Répondant aux questions des journalistes sur les manifestations en Russie, Vladimir Poutine a évoqué les Gilets jaunes en France. Mal lui en a pris.

Vladimir Poutine
Vladimir Poutine © AFP / Etienne LAURENT / POOL

A une question d'une journaliste qui évoquait les récentes manifestations à Moscou, Vladimir Poutine a répondu : "Je suis invité par le président français et je suis un peu mal à l'aise en évoquant ce sujet, mais nous savons ce qu'il s'est passé pendant les manifestations des Gilets jaunes. On ne veut pas que des événements pareils se passent dans la capitale russe".

La question qui se pose immédiatement est donc : peut-on comparer les manifestations en Russie et celles qui pendant plus de 6 mois ont émaillé les rues de Paris et de toute la France ? Non, évidemment non.

En Russie – et en l’occurrence cet été à Moscou – manifester signifie être arrêté. En masse. Le 27 juillet dernier : 3 500 manifestants, 1 400 arrestations. En Russie, Alexei Navalny, leader de l'opposition à Vladimir Poutine, est régulièrement emprisonné pour 30 jours, histoire d'éviter qu'il ne s'exprime pendant ces manifestations.

Son prédécesseur, Boris Nemtsov, a été carrément assassiné, c'était le 27 février 2015, sous les murs du Kremlin. Quand à Alexei Navalny, il est certes sorti de prison, mais pour entrer à l'hôpital, mystérieusement intoxiqué en prison. C'est ce qu'on appelle un avertissement sans frais.

Des relations russo-européennes qui restent tendues

La réalité, c'est que rien de sérieux ne changera tant que la Russie occupe le tiers Est de l'Ukraine. Sauf que la Russie de 2014, année de son intervention en Ukraine, n'est plus celle de 2019. Depuis cinq longues années, la Russie subit une crise économique dont les Russes ne voient plus le bout et qui se traduit par une chute vertigineuse de popularité de Vladimir Poutine.
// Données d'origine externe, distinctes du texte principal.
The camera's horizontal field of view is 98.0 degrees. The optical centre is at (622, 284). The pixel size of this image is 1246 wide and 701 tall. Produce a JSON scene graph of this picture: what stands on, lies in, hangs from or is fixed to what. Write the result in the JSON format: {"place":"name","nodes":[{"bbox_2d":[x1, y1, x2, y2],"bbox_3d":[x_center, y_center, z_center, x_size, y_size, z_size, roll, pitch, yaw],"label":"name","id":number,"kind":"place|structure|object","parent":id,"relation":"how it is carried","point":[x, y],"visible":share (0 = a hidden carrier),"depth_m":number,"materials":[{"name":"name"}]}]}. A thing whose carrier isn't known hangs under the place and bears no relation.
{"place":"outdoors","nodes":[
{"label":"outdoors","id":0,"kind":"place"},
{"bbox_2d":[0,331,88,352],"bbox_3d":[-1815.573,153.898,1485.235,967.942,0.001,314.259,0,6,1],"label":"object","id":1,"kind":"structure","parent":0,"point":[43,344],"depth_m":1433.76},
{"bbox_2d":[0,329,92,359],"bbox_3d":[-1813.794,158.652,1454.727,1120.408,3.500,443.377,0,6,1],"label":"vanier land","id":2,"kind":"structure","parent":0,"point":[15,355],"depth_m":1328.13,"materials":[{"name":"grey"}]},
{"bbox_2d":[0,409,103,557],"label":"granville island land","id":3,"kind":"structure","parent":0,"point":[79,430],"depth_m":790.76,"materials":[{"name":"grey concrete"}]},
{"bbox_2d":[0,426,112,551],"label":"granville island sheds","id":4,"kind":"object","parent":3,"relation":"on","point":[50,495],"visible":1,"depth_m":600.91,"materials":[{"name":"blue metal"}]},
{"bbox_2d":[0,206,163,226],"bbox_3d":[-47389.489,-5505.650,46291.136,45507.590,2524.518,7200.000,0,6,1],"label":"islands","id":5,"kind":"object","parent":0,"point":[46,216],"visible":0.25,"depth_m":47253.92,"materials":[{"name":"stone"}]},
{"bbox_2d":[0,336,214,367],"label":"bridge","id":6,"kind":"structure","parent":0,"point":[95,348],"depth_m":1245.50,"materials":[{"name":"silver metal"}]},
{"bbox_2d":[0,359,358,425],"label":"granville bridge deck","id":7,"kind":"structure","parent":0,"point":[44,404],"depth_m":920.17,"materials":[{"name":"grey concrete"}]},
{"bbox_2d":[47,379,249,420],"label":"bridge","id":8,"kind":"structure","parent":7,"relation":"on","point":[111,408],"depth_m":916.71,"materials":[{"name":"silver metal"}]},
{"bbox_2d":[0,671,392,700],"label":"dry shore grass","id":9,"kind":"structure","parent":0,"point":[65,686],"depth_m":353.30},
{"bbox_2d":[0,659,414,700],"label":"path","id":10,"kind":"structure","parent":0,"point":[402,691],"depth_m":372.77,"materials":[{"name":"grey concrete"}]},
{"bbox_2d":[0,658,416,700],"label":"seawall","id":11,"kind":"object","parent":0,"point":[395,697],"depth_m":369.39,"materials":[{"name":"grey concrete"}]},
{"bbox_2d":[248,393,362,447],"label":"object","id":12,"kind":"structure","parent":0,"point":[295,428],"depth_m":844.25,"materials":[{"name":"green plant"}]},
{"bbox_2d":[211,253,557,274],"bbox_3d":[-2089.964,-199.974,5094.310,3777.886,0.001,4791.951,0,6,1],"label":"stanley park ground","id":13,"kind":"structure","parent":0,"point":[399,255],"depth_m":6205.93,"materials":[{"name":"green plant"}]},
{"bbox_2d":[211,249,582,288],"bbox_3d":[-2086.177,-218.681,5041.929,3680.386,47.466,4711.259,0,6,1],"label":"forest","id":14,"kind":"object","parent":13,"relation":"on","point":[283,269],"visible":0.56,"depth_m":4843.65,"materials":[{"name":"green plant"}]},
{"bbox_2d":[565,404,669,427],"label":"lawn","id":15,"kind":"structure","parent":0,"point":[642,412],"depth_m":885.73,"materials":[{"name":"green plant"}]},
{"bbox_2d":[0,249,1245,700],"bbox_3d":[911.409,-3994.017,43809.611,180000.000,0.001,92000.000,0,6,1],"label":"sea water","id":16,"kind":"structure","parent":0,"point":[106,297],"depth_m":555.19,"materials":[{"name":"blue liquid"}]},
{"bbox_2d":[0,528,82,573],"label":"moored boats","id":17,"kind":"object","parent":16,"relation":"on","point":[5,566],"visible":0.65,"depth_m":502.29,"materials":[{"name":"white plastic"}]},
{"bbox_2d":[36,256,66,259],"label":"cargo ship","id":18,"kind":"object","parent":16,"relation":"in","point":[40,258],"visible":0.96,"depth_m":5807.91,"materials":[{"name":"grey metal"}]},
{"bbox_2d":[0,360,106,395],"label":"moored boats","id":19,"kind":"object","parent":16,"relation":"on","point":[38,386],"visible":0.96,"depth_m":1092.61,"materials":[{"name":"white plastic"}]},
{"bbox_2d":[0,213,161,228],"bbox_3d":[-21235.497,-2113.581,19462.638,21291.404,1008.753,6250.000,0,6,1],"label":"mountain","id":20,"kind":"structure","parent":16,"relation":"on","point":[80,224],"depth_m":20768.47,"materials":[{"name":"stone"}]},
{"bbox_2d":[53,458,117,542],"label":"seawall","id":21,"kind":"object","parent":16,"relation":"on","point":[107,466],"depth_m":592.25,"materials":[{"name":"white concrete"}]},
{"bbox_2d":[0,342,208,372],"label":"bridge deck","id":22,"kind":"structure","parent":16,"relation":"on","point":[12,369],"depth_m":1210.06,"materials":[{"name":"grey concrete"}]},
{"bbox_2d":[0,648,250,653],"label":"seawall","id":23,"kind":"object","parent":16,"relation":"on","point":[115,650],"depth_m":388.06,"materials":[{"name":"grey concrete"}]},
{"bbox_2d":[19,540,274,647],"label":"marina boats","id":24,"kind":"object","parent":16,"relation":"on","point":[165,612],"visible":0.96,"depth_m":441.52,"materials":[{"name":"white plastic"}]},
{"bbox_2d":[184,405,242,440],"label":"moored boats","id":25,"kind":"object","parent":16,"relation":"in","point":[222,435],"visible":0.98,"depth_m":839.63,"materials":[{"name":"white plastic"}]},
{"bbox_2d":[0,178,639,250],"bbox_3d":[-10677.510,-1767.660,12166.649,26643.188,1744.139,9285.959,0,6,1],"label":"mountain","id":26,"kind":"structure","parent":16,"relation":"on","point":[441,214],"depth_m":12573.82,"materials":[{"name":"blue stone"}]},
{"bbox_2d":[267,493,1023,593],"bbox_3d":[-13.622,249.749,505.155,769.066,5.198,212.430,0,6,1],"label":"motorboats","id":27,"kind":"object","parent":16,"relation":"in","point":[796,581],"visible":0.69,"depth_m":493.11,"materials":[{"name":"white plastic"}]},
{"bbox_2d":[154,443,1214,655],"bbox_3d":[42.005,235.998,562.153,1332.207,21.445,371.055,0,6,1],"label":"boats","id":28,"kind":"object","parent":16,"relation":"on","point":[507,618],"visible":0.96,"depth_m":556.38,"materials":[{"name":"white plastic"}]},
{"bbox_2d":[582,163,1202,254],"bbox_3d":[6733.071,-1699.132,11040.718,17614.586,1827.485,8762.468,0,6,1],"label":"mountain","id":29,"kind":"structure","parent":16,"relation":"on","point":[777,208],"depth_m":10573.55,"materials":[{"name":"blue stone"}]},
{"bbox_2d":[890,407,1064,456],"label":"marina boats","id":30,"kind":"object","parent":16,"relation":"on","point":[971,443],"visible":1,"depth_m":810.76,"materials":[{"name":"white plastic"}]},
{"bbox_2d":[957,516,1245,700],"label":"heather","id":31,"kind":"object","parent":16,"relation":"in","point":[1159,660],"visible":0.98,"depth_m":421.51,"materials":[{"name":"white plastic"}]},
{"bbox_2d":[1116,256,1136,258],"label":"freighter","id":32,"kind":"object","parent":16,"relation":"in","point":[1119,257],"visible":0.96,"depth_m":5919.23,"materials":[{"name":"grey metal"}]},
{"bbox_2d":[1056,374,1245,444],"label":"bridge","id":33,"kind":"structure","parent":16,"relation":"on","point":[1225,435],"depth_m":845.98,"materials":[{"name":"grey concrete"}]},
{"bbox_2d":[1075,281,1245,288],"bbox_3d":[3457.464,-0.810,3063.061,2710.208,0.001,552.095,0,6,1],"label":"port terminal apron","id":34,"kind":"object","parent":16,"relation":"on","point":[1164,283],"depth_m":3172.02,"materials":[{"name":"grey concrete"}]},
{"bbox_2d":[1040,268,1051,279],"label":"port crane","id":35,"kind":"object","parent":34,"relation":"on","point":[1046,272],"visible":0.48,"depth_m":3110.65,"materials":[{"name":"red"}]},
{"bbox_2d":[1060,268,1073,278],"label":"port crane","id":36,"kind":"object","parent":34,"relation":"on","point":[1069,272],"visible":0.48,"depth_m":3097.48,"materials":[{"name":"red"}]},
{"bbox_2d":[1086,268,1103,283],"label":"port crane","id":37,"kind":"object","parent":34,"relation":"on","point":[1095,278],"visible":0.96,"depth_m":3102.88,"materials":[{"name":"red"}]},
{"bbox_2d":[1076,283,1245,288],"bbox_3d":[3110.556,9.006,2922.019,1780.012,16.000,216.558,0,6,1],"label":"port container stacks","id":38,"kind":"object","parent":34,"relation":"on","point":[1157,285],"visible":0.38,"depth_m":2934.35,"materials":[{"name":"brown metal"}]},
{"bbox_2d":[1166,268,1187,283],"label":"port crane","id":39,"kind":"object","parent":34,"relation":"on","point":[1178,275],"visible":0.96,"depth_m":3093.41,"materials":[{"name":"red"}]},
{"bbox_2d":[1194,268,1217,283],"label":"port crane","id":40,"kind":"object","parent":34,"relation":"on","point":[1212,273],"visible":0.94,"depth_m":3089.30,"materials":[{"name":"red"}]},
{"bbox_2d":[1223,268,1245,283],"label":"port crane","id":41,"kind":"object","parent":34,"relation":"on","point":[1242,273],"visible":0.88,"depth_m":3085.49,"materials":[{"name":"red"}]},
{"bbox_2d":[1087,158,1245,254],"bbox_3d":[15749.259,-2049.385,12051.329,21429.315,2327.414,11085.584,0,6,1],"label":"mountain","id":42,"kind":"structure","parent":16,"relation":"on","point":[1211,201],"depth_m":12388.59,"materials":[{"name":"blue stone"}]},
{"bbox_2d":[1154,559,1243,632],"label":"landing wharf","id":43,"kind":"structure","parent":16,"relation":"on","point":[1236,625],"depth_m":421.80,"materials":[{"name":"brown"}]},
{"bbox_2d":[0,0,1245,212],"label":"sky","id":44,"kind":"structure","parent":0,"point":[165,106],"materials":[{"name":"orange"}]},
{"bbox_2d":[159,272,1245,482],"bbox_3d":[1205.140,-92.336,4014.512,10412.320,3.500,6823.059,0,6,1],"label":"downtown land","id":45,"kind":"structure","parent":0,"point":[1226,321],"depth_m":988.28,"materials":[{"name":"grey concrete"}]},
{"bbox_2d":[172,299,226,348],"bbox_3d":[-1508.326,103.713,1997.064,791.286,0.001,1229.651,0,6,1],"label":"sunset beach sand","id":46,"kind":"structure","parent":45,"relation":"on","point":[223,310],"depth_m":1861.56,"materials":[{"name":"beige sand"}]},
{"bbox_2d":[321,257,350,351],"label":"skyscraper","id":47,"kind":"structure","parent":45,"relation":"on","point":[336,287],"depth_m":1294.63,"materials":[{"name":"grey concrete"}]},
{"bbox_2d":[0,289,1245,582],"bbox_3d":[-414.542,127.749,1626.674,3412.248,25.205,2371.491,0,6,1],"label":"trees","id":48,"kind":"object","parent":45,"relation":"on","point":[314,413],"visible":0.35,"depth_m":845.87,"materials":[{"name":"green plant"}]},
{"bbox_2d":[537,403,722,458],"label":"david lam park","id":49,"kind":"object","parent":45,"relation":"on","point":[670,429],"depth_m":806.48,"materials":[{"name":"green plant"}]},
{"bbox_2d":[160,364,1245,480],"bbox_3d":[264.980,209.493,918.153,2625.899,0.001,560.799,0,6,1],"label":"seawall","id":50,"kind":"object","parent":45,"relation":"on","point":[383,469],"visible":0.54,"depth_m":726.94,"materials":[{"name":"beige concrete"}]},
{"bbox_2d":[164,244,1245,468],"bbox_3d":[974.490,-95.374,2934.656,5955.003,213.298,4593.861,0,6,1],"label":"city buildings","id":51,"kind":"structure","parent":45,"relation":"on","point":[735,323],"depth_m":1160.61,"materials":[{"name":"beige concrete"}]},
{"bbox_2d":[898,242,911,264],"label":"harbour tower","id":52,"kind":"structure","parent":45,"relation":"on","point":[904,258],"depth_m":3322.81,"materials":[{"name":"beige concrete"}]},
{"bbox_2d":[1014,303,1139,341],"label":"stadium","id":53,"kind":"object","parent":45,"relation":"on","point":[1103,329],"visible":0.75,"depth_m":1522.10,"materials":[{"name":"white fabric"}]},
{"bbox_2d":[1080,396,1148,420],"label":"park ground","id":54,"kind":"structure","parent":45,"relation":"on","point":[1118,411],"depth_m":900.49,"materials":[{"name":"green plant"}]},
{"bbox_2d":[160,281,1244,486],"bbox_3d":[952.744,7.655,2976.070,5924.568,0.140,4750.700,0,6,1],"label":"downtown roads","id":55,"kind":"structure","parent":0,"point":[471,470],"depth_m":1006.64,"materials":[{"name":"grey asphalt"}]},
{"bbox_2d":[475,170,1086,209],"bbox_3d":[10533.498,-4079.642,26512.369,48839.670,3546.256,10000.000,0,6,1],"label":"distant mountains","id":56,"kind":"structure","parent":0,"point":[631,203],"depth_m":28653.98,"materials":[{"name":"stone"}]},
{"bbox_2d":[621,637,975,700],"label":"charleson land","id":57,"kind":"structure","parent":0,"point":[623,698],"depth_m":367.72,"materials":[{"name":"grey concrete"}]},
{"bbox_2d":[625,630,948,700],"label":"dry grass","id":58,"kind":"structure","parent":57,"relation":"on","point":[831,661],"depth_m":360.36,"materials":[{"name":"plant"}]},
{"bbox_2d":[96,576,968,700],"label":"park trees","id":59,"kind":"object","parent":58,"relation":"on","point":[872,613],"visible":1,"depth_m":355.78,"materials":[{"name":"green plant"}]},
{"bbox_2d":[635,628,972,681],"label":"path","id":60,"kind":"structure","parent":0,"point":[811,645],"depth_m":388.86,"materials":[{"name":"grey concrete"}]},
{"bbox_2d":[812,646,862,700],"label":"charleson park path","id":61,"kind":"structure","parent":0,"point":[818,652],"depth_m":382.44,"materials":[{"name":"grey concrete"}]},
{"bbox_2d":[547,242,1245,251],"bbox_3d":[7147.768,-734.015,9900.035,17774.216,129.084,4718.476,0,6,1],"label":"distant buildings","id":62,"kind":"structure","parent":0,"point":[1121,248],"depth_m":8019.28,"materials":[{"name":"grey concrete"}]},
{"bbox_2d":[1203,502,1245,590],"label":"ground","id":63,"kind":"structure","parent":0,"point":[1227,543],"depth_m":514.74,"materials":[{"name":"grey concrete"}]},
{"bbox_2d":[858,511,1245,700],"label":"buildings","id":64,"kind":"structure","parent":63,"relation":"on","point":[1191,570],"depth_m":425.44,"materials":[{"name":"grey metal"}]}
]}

Elle tournerait en ce moment autour de 30%. Et on comprend facilement pourquoi : le PIB de la Russie est, grosso modo, celui de l'Espagne. Ni plus, ni moins. Le tout avec une population 3 fois plus importante et surtout, un budget militaire qui dévore tout.

Ajoutez à cela des sanctions économiques et une incertitude juridique qui effraie les investisseurs étrangers dont la Russie a tant besoin et vous obtenez un cocktail amer qui se traduit par des manifestations perlées dans tout le pays et depuis des mois.

Emmanuel Macron ou le sceptre européen

D'où l'importance de cette rencontre de Brégançon et pour deux raisons. La première, est très simple à comprendre : l'Union européenne reste le premier partenaire économique de la Russie et de très loin.

En valeur, la Russie vend trois fois plus de biens à l'Union européenne qu'à son second partenaire, la Chine. Donc, l'équation économique russe passe par nous. Voilà la réalité. La deuxième raison qui pousse Vladimir Poutine à Brégançon est politique.

L'Union européenne, jusqu'à présent, c'était Angela Merkel et l'Allemagne. De 2008 à grosso modo 2018, en Europe, on parlait économie du fait de la crise et donc on parlait allemand. Désormais avec la montée des populismes, en Europe, on parle politique.

De plus, ce qui fait la force de l'Allemagne – le commerce extérieur – fait aussi sa faiblesse quand le marché chinois faiblit, quand Donald Trump sévit ou quand le Brexit menace. L'heure est donc venue de passer le sceptre européen à plus jeune et surtout plus politique : d'Angela Merkel à Emmanuel Macron. C'est froidement ce qu'est venu constater Vladimir Poutine à Brégançon.